Assuming that contract status codes do fit into this picture somewhere, the follow up question is why does this need to be a primitive type? Unless we're treating it specially in the host or downstream systems somehow, why shouldn't we just let contracts define their own error type? For example, this primitive doesn't easily extend to rust enum-style errors where some are codes, some contain additional data, etc.

@graydon
Copy link
Contributor

graydon commented Sep 12, 2022

We are treating it specially in the host. HostError carries a status code and it's how we plumb errors from user code or host functions back through the VM and into results we give users (also status codes) from functions like try_call.

@leighmcculloch
Copy link
Member Author

so it can't record the status on the ledger

I don't think function return values are stored on the ledger anyway. Is that the case? It would be recorded wherever function return values are, in the transaction result I imagine if the function result is recorded there.

events could be misinterpreted as indicating some kind of success (b) a waste of space and compute.

We have this today on classic Stellar. Failed transactions and operations show up in transaction histories. Applications seem to distinguish them okay and I don't know of any evidence of it being an area of common mistake. But I'm also not sure on what the correct answer should be if events should be emitted. If they were emitted, it would be important a consumer could see they relate to an aborted invocation.

why does this need to be a primitive type

@graydon could you answer this? I don't feel strongly. We could encourage user defined types as errors. Solidity supports custom errors – https://solidity-by-example.org/error/ – and as you say Rust has good support for this. Imx plenty of systems have proven this unnecessary and error codes often suffice. Take Zig's error system for example.

@graydon
Copy link
Contributor

graydon commented Sep 12, 2022

Yeah the status type was intended to have user errors tacked onto it (there's tons of bit-space in there) so long as they are integer codes. There is even potentially space for separately tagging different contracts' origin codes (eg. code 7 from contract A vs. code 7 from contract B) using the high 28 bits / type code. But we can revisit that later, IMO it overlaps a bit with a different topic I Have A Bit Of A Plan For.

@jonjove
Copy link
Contributor

jonjove commented Sep 12, 2022

We have this today on classic Stellar. Failed transactions and operations show up in transaction histories.

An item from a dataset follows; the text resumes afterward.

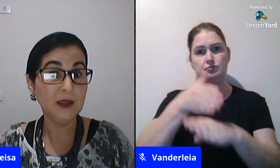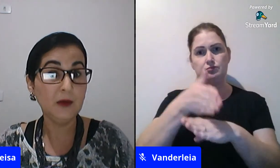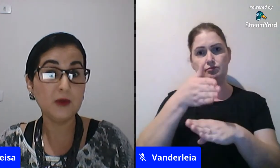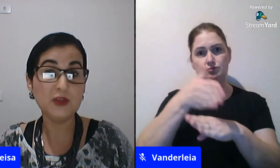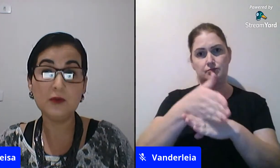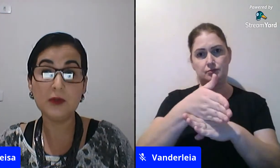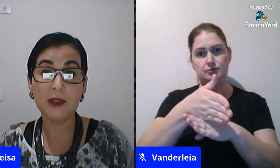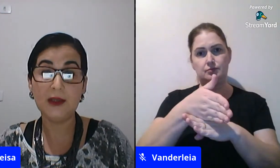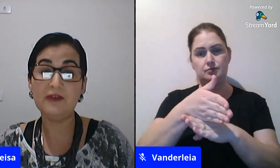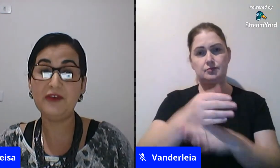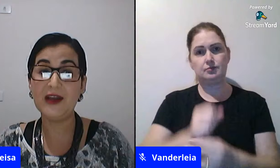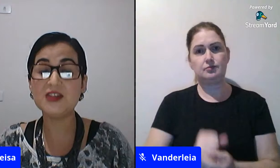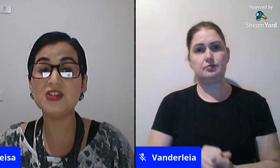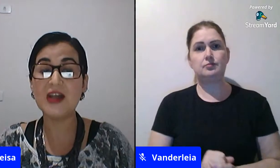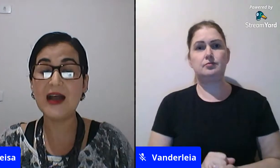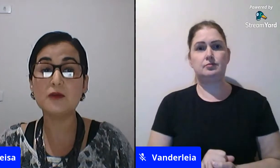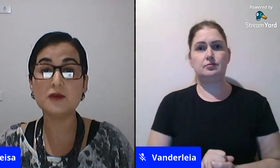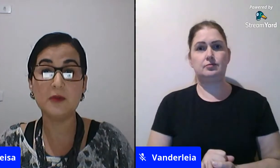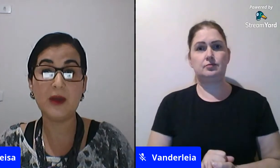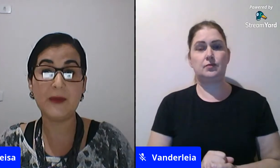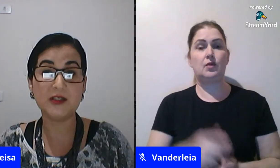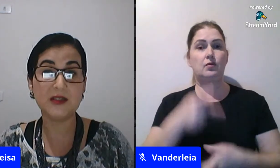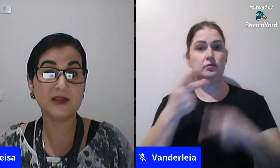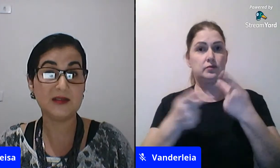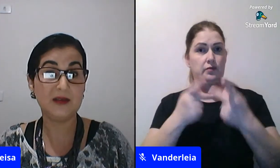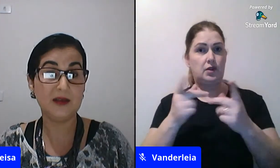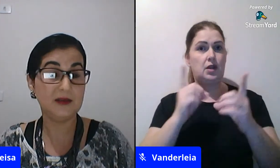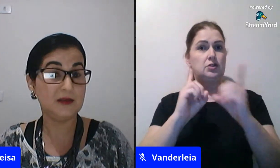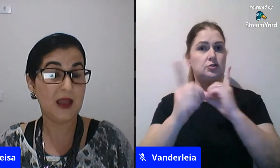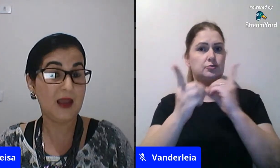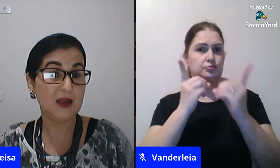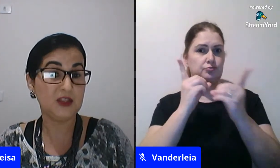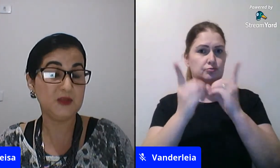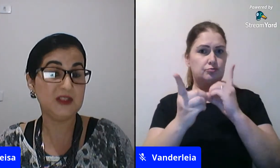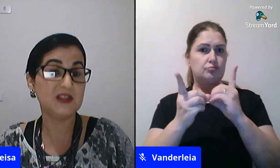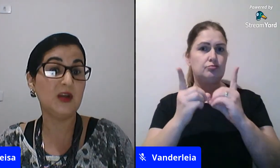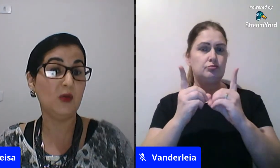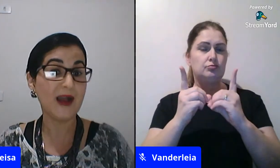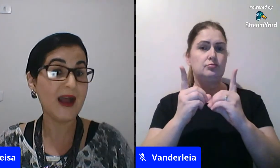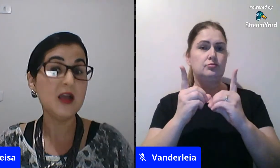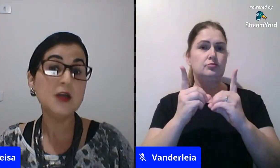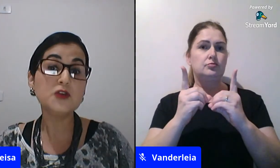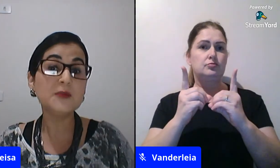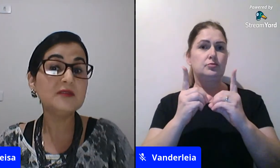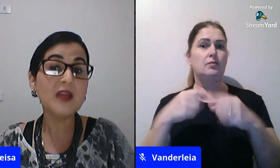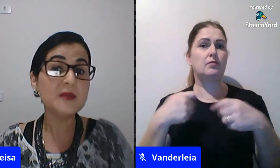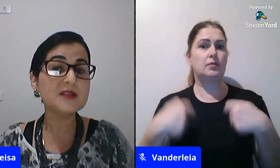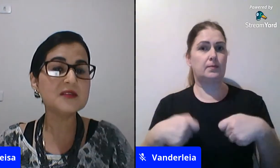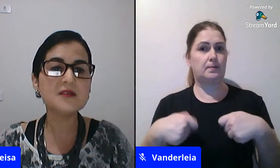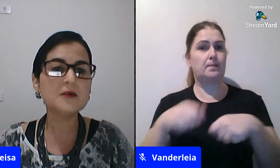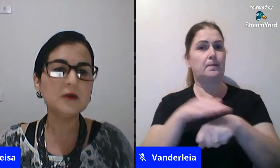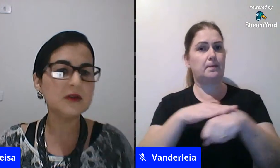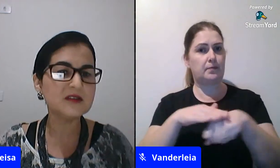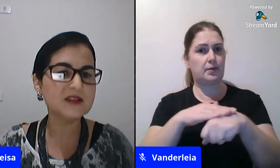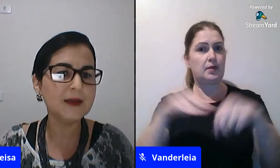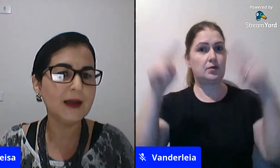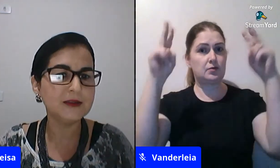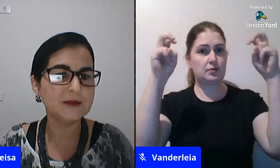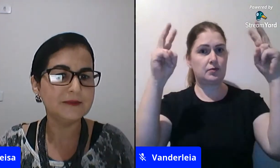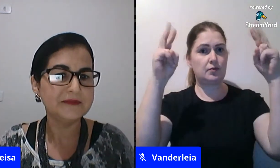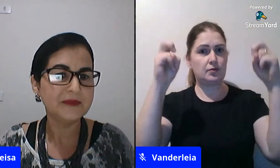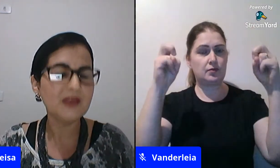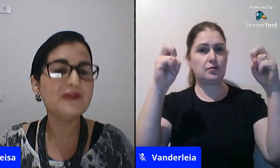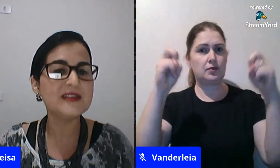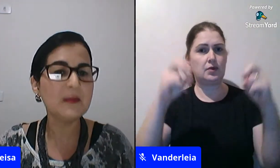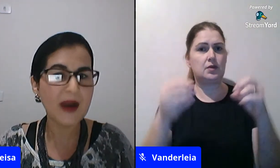Então, eu digo o quê? Que falar de diálogo, a partir dessas, a gente precisa dialogar sobre temas que circulam na sociedade,

Not really. Failed operations don't emit any meta.

@jonjove
Copy link
Contributor

jonjove commented Sep 12, 2022

I've said on a number of occasions that the decision to expose detailed error codes was a big mistake from a maintainability perspective. If we do it again, we're just going to end up in that world all over again.

@leighmcculloch
Copy link
Member Author

leighmcculloch commented Sep 12, 2022

the decision to expose detailed error codes was a big mistake from a maintainability perspective

Could you expand on what the cost to maintainability has been? Do you mean maintainability of stellar-core?

Failed operations don't emit any meta.

Interesting. TIL.

Looking at a recent failed transaction on pubnet as a concrete example:
941f4274fc85e4abe70eb694792eb7159721f377108e65d6a6cfb12a448bf11c

Its meta is: AAAAAgAAAAAAAAAAAAAAAA== (ref)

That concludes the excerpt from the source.